• _TASK_:
Go through the records and copy each line where the string "radialGradient" occurs.

• _Dataset entries_:
# # # #
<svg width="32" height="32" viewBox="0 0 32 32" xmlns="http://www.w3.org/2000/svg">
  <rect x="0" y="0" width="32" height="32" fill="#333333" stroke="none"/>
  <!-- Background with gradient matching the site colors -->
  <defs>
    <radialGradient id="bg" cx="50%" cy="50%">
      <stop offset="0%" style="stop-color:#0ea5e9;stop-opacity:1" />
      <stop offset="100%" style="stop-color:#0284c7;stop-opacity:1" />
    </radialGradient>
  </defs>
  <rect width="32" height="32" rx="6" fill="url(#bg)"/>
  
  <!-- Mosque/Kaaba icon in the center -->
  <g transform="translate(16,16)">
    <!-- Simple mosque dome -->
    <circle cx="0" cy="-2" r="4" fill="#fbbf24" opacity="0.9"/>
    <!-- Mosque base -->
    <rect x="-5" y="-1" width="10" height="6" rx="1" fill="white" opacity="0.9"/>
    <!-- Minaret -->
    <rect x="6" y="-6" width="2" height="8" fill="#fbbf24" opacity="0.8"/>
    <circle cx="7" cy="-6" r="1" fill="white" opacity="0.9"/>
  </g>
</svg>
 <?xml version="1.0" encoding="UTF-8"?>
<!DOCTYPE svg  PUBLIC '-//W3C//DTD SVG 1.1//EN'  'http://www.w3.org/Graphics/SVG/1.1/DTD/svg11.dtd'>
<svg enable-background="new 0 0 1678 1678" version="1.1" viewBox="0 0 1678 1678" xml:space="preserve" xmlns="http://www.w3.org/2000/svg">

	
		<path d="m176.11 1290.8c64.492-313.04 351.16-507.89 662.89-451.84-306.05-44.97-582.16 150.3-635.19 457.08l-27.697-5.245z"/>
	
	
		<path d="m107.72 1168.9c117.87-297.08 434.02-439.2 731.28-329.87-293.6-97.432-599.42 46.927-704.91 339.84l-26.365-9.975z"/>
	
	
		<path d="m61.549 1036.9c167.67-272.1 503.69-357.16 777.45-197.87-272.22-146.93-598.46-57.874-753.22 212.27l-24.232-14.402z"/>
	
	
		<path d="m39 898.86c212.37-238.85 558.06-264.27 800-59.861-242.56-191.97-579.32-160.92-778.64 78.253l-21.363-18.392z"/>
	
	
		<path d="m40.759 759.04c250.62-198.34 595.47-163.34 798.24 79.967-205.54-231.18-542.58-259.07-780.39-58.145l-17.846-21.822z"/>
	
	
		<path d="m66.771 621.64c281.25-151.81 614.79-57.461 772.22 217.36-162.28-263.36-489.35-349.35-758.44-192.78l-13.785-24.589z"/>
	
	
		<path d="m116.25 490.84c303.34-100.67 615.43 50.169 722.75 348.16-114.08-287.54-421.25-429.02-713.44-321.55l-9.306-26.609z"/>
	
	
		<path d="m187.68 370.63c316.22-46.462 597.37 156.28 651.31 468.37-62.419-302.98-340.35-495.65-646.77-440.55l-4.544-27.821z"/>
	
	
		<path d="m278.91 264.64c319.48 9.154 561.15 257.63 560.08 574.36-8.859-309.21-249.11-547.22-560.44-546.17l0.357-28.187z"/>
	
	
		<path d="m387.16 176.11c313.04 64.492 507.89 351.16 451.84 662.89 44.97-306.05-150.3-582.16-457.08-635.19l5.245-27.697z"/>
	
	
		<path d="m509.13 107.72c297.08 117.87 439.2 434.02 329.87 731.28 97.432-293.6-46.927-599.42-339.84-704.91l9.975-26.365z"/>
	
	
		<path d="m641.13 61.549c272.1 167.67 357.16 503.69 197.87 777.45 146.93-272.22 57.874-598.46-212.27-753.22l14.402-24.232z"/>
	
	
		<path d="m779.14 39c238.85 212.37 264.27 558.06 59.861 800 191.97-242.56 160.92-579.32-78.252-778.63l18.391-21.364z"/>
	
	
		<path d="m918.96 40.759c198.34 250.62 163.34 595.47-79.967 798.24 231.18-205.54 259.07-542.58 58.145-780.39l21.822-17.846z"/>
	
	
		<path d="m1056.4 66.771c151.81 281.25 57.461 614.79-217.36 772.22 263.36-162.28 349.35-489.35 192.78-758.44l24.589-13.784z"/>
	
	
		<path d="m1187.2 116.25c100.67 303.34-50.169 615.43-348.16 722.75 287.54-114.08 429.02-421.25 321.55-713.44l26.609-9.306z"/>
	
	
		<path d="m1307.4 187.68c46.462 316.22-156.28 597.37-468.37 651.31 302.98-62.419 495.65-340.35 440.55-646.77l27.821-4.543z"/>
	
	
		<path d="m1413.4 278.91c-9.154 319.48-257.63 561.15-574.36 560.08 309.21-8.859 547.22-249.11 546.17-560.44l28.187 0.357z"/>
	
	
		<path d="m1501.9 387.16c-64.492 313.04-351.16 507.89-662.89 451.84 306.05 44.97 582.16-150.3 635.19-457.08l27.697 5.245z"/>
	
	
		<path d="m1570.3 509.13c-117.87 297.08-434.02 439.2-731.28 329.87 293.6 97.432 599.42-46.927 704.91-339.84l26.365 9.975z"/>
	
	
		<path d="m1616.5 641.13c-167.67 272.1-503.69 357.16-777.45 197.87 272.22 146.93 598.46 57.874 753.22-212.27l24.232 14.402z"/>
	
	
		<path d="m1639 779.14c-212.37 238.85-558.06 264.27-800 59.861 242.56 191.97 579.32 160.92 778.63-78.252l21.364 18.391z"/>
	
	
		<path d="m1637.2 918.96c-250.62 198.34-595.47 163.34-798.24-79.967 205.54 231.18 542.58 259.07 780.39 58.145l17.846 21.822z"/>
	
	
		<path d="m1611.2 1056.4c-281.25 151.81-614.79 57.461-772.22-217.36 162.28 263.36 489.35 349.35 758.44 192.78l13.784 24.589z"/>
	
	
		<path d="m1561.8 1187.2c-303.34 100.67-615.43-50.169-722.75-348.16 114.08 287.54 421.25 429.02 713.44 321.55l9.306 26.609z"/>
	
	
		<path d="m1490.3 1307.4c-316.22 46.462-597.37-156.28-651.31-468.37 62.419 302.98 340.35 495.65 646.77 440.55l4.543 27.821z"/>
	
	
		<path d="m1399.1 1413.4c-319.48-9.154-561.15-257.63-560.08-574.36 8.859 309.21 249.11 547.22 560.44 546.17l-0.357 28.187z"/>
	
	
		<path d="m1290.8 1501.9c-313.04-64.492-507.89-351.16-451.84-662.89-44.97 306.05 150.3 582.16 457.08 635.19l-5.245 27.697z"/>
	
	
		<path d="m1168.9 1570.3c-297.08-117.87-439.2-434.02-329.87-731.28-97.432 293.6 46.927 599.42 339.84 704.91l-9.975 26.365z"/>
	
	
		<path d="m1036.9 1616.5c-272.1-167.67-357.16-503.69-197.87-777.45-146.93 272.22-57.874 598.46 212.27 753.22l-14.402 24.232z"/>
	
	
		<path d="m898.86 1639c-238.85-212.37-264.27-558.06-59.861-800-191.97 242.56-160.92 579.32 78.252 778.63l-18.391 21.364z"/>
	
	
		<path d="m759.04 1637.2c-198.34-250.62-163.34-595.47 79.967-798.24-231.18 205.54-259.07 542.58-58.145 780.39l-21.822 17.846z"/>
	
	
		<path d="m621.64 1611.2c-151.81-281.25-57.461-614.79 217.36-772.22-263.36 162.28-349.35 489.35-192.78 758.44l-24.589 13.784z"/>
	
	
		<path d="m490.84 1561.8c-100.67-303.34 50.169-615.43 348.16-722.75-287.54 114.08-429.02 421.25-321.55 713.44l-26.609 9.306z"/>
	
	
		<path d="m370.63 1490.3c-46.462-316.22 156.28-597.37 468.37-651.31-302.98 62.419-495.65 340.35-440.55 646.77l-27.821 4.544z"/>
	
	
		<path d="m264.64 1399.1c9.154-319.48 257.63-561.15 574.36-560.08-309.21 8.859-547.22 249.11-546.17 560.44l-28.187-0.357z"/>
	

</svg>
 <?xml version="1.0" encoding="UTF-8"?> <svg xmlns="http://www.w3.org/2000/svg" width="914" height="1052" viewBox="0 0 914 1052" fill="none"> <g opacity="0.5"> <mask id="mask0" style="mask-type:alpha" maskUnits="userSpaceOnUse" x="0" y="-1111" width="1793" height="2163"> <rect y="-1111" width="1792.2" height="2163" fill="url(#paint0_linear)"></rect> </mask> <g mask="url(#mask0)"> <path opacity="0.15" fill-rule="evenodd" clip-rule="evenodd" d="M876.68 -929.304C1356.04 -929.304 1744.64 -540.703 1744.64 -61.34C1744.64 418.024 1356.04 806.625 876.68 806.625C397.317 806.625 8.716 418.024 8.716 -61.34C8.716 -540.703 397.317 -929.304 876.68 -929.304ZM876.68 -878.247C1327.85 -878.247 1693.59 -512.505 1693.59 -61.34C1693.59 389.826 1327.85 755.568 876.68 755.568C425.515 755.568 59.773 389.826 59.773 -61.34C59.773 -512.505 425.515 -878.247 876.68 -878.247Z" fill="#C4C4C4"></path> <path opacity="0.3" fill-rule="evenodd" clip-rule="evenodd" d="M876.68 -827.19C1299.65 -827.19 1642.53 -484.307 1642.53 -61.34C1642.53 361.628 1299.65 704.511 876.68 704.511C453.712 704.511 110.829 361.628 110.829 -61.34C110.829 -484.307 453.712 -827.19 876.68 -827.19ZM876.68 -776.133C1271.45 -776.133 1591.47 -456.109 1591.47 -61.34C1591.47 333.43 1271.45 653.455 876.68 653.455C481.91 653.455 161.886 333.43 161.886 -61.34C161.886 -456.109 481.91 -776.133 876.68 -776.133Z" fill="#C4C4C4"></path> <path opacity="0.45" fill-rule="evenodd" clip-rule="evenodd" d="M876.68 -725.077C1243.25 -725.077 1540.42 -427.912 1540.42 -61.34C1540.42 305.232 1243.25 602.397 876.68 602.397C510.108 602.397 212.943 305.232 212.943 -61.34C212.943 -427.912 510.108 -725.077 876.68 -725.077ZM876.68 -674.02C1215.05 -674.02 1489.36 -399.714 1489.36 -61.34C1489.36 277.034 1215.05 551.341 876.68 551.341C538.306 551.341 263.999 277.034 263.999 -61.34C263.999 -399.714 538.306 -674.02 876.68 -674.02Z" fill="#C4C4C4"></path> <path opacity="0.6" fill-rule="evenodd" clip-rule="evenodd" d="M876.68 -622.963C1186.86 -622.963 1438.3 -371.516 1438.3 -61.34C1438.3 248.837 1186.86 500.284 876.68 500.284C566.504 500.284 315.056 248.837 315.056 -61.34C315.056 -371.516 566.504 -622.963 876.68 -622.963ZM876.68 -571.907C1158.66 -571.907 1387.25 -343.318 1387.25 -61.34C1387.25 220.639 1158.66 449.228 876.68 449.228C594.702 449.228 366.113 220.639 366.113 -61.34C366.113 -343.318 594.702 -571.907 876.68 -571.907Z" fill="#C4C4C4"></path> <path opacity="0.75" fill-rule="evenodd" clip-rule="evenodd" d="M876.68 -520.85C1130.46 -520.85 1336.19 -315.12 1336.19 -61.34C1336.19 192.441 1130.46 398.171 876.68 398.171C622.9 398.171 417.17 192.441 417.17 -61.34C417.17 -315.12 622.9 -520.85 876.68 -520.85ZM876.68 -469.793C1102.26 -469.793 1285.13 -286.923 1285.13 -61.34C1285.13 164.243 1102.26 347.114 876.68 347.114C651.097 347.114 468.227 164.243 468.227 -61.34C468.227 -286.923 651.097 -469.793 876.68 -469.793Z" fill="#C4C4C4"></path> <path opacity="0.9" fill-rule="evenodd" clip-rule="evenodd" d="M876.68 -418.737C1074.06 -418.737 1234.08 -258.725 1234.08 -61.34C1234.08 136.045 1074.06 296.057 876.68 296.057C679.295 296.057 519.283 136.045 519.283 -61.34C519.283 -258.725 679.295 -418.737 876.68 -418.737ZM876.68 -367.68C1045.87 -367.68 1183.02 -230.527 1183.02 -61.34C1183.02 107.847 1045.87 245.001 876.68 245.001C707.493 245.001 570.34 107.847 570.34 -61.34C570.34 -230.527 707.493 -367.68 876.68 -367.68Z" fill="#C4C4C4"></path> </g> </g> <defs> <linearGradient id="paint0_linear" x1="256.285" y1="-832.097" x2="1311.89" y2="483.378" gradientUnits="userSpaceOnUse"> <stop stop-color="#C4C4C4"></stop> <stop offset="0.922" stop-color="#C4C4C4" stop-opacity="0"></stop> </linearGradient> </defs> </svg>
# # # #
• _TASK SOLUTION_:
    <radialGradient id="bg" cx="50%" cy="50%">
    </radialGradient>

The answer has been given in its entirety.